# Input material
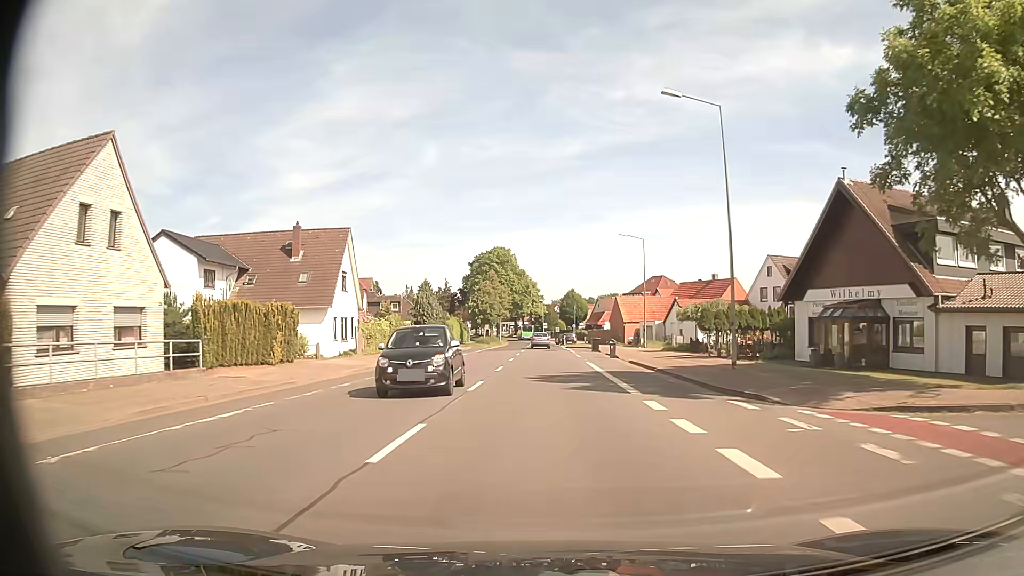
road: secondary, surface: asphalt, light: Day
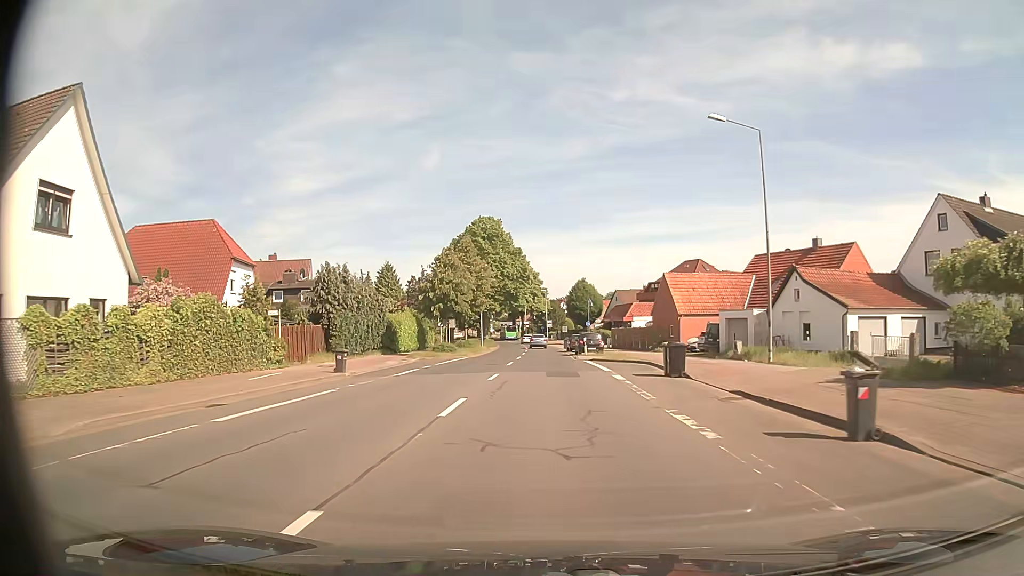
(-0.1, +31.8) m; 0°
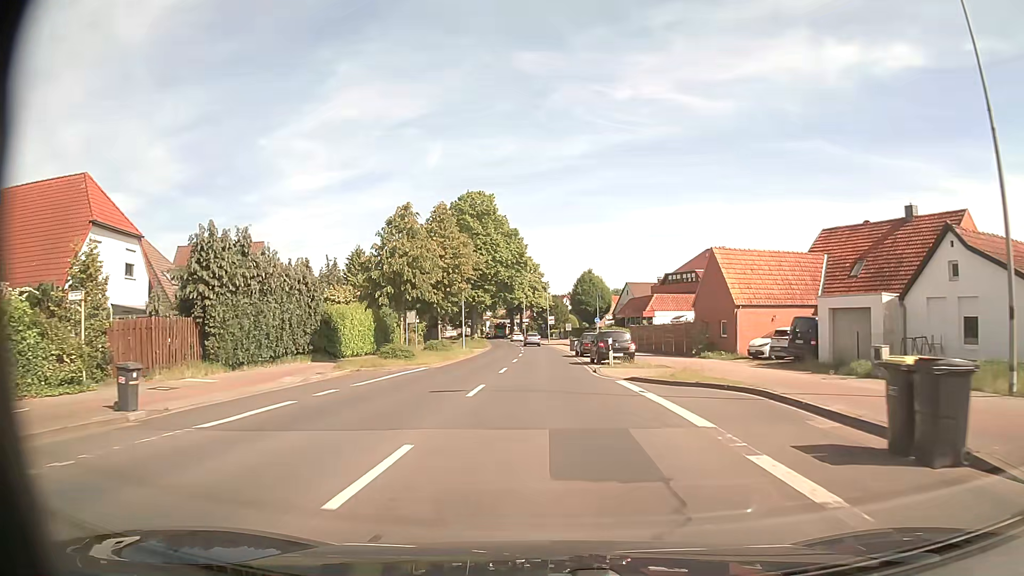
(0.0, +14.9) m; 0°
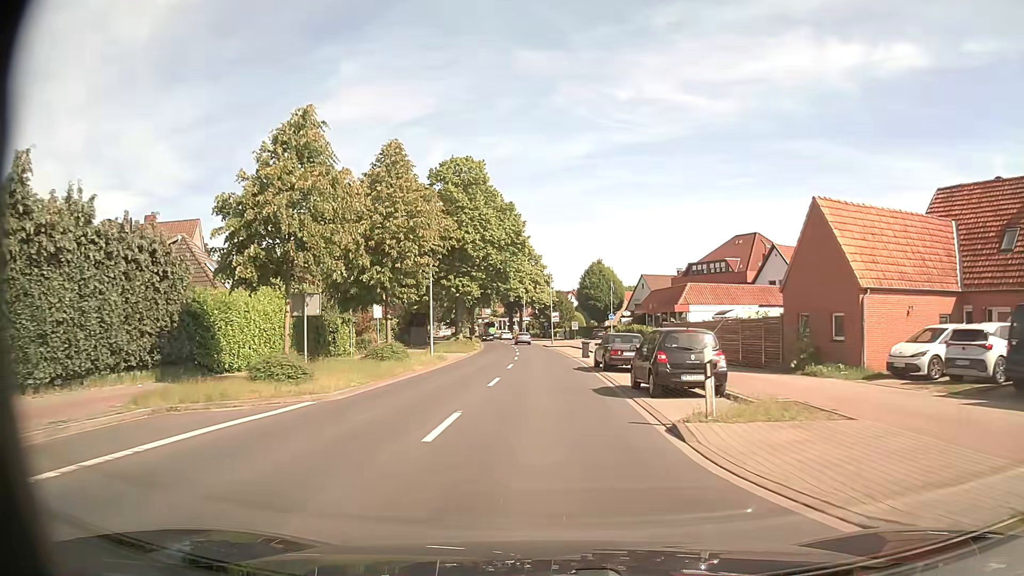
(0.0, +14.5) m; 0°
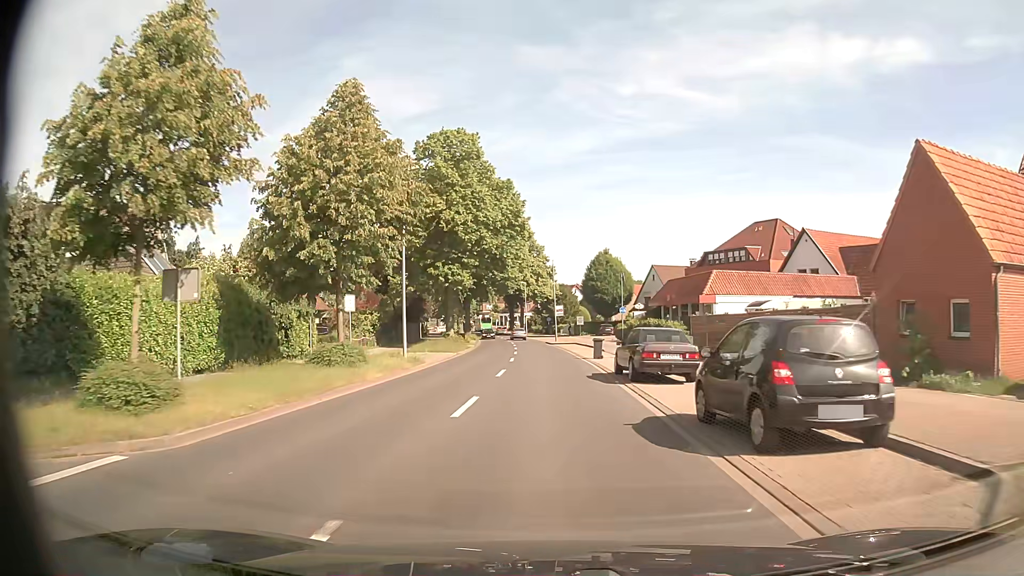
(0.0, +7.2) m; 0°
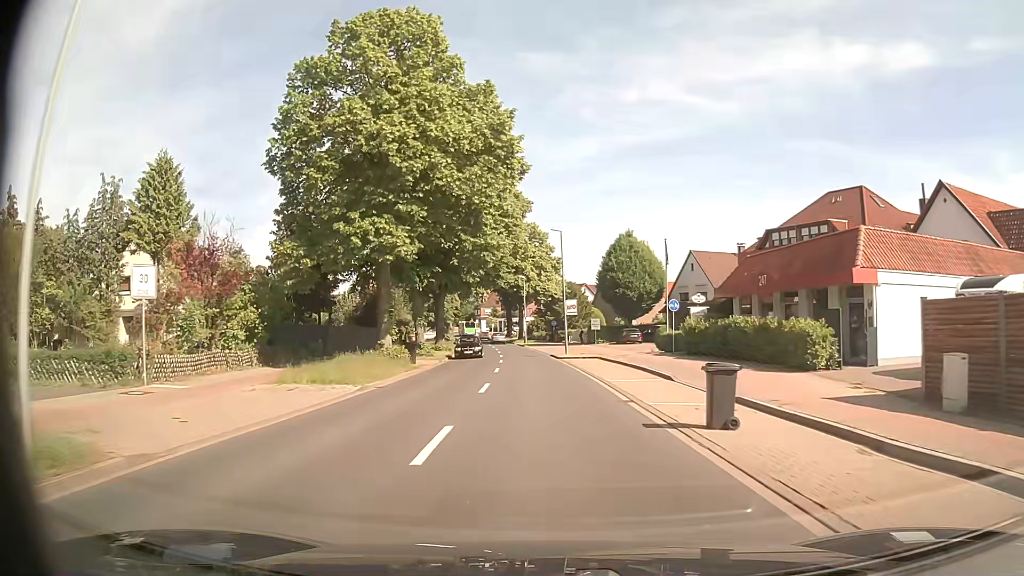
(-0.2, +21.4) m; -1°
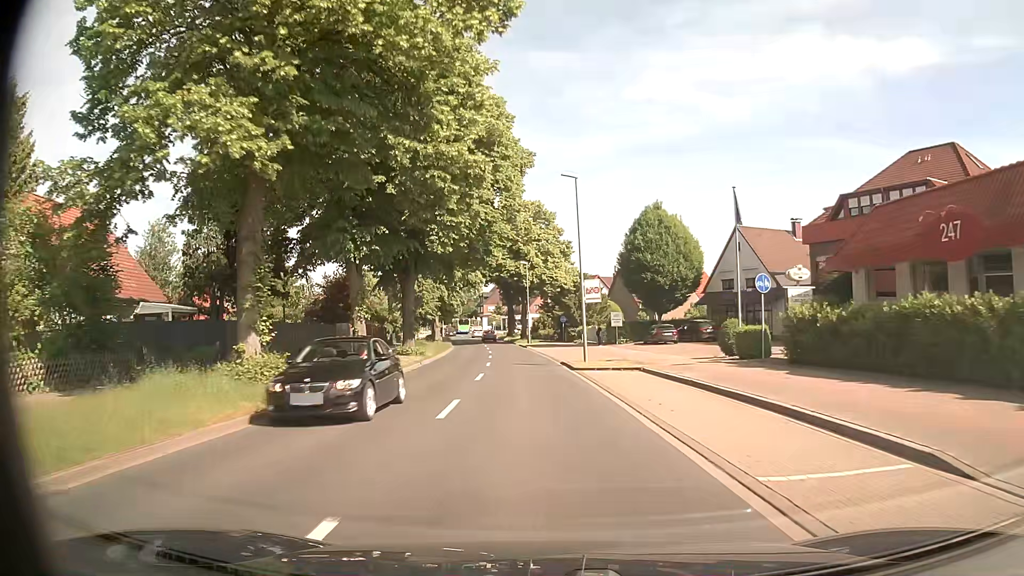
(-0.1, +14.3) m; -1°
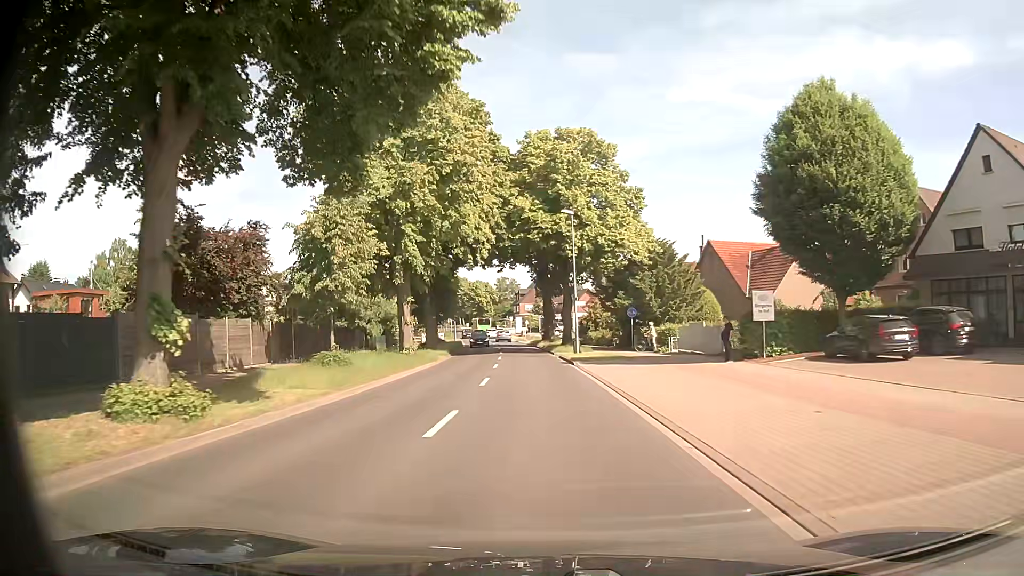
(-0.8, +28.6) m; -3°
(0, +10) (0, +20) (-1, +30) (-2, +40) (-2, +50) (-3, +60) (-5, +70) (-6, +80) (-7, +90) (-8, +100) m

# Description of the task
Give back every record precisely as it stands, without the images.

# Exercise solution
road: secondary, surface: asphalt, light: Day
(-0.1, +31.8) m; 0°
(0.0, +14.9) m; 0°
(0.0, +14.5) m; 0°
(0.0, +7.2) m; 0°
(-0.2, +21.4) m; -1°
(-0.1, +14.3) m; -1°
(-0.8, +28.6) m; -3°
(0, +10) (0, +20) (-1, +30) (-2, +40) (-2, +50) (-3, +60) (-5, +70) (-6, +80) (-7, +90) (-8, +100) m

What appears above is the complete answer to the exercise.